While No. 1 St. Patrick star thrives, twin brother is in a cell

Tonight, the top two high school basketball teams in the country face off when No. 1 St. Anthony (N.J.) High takes on No. 2 St. Patrick (N.J.) High in an intra-state grudge match. While there will be plenty of national attention and a live webcast covering the game, one of the most important players on the court will have a hard time keeping his mind in the game, just as he always does.

According to the Newark Star-Ledger, there's a good reason for St. Patrick star Derrick Gordon's distraction, too. He's worried about his twin brother, Darryl, who is locked up in a cell at a Youth Correctional center an hour away.

"I've never seen him play a high school game yet," Darryl Gordon told the Star-Ledger. "I was thinking about that the other day. I almost started tearing up."

The Star-Ledger's Matthew Stanmyre paints the gradual separation between the twins as a natural but heartbreaking story of two teens taking different academic paths in high school. Derrick, who chose to break with family tradition and attend St. Patrick to help his college hoops prospects, now plays for the nation's top-ranked high school team and has signed a letter of intent to play at Western Kentucky University. His brother attended Plainfield, just as the twins' older brother, Mike Gordon, had.

While Derrick Gordon scrapped his way up St. Elizabeth's ranks, Darryl Gordon played only a single season on Plainfield's junior varsity team before being convinced his lack of height would keep him from college basketball.

Without basketball to keep him focused, Darryl Gordon began hanging out in Plainfield's drug-riddled West End. Even near constant monitoring by Derrick Gordon via friends at Plainfield couldn't keep his brother in school, with Darryl walking out altogether during his sophomore year.

Like clockwork, Darryl Gordon became involved in a violent incident a year later. In May 2009, Darryl Gordon pulled out a handgun after an argument and fired a series of shots at the man he was arguing with.

Because his target didn't die, Darryl Gordon was charged with attempted murder, then plea-bargained down to a sentence of just more than five years in jail. He will be incarcerated until at least 2014.

To this day, despite all his success, Derrick Gordon blames himself for his brother's downfall.

"It was my fault because maybe if I were to talk to him a lot more he wouldn't have ended up in the situation that he was in," Derrick Gordon told the Star-Ledger. "I did talk to him but clearly I think it was too late for that. I definitely did try, but only if I would have tried earlier then maybe I would have turned him around."

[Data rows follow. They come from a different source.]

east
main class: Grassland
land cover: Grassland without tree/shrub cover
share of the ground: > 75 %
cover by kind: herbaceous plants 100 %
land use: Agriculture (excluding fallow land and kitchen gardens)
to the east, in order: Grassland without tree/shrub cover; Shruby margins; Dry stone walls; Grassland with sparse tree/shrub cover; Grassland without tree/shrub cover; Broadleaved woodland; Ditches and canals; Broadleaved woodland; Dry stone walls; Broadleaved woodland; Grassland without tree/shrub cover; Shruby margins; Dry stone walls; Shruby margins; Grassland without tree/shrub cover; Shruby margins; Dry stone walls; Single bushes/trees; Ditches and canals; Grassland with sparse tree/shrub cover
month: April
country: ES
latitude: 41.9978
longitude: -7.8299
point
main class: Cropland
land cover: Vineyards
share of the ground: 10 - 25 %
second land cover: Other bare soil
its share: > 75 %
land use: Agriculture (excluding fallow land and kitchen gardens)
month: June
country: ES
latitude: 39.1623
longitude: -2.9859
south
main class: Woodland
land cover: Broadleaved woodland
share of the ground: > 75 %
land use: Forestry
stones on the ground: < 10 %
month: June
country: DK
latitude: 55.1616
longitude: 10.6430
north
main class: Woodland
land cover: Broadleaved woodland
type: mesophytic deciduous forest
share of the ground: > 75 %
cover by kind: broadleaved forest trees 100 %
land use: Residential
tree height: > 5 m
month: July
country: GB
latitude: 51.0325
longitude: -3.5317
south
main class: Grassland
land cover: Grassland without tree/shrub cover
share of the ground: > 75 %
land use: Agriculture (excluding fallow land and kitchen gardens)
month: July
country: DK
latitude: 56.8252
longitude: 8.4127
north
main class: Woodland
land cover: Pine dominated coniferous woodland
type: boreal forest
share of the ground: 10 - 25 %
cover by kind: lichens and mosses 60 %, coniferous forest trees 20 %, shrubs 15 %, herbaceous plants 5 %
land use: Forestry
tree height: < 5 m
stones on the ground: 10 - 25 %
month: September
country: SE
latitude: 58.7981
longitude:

At the same time, Darryl Gordon's struggles have inspired his brother's play. St. Elizabeth's second-leading scorer, he has a tattoo -- MBK for "My Brother's Keeper" -- that keeps his brother's memory ever-present. He plans to wear Darryl's number 5 at Western Kentucky next year. Perhaps most notably, Derrick claims that each time he takes the court, he's playing to make his brother proud.

"Now I'm really playing for something," Gordon told the Star-Ledger. "Every time I play, I'm playing for him."

On Thursday, he'll be playing for his brother under the brightest lights possible, even if the one person Derrick Gordon wishes was watching most is one of the few who won't be able to.